Rus pazarından çok ucuza alınıp evin rüzgar alan bir yerine asılan, en nazlı esintide bile çın çın öten çıngıraklar gibi bir öne, bir geriye; bir geçmişe, bir geleceğe sallanan, turuncu bir yaz gününde küçük kız sokakta yalnızdı. Beşinci kattaki kardeşler tatil için güneyde bir otele, birinci kattaki tombul kızsa teyzesinin Sapanca’daki evinde gitmişti. Diğer çocuklarsa, ya pazara, ya banyoya... bir şekilde kaybolmuştu ortadan. Bu Su için müjdeli bir tesadüftü aslında. Böylelikle onlar varken yapamadığı, bu çekingenliğiyle de hiçbir zaman yapamayacağı şeyler için zaman ve yer kazanmış oluyordu. Ne var ki, bu düşüncenin verdiği iç gıcıklayıcı keyifle koşarak indiği merdivenlerin üçüncü basamağından atlarken sıyırdığı dizi ve üçüncü denemesinde ancak alt dallarına kadar tırmanabildiği dut ağacında yırttığı mavi etekliği onu ilk yalnızlığının keyfinden alıkoymuş, çınarı ve pencereyi göz hapsine alabileceği bir kaldırıma, dirsekleri dizlerinde, çenesi avuçlarında, çökmesine neden olmuştu. Yaz sıcak, yaz ağırdı üstünde...
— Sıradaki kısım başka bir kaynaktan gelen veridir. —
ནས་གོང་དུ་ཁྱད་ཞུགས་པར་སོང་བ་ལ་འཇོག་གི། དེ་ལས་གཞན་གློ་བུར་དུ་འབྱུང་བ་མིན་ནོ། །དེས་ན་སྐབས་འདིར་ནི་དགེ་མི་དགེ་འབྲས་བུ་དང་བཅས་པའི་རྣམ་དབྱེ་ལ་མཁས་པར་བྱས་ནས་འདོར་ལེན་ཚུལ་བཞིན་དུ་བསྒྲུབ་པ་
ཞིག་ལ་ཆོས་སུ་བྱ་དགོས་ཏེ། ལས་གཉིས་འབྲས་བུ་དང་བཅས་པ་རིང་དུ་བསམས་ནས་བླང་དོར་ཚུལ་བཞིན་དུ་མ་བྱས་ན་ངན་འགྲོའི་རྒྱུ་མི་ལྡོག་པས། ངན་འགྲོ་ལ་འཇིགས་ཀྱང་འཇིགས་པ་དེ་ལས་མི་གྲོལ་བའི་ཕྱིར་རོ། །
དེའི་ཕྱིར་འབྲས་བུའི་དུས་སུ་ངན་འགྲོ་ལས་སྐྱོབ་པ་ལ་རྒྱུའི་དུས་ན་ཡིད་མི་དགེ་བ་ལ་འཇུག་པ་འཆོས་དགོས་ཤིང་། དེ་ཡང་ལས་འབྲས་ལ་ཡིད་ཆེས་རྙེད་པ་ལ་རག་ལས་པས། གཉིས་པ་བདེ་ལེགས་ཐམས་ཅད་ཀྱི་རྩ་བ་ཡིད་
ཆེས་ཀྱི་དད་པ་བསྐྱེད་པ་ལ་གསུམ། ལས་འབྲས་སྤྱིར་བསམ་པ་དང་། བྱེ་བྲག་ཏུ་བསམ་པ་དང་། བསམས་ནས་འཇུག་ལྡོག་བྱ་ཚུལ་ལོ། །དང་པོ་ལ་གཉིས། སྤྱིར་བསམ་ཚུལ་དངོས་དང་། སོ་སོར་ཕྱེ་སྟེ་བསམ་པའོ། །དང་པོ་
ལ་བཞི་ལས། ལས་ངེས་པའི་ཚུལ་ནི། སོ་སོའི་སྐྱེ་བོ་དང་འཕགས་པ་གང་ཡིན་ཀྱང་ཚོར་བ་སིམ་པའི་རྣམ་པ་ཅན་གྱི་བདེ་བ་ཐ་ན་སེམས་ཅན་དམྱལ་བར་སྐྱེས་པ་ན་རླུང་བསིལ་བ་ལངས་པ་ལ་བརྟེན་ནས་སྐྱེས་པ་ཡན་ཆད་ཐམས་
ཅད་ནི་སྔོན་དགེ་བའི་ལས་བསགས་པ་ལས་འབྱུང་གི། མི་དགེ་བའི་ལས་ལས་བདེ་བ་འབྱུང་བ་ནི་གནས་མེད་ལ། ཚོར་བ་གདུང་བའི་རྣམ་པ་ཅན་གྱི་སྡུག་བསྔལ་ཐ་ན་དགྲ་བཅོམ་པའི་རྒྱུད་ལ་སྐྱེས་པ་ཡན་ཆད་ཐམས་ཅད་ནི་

Orda ne kadar oturduğundan, bir zamanlar temiz olan beyaz, bez ayakkabılarıyla toz toprağı kaçıncı kez karelere ayırdığından habersizken, çocukların bugünkü ilgisizliğine kırgın, açıldı pencere. Açılır açılmaz da kavuniçi fırfırlı bir sabahlığın içinden taşan, mor damarlarla donanmış kollar ve bigudiler arasında paylaştırılmış seyrek saçlar göründü perdenin gerisinden. Su başını hemen yere eğdi.
‘Kızım!’
Çok geçmeden ona yöneltilen bu ünlem, adını unutan Madam’a karşı nefret, her şeye rağmen ona seslenen Madam’a karşı sevecenlik uyandırdı içinde. ‘Ne yapıyorsun bakayım sen orda, kendi kendine?’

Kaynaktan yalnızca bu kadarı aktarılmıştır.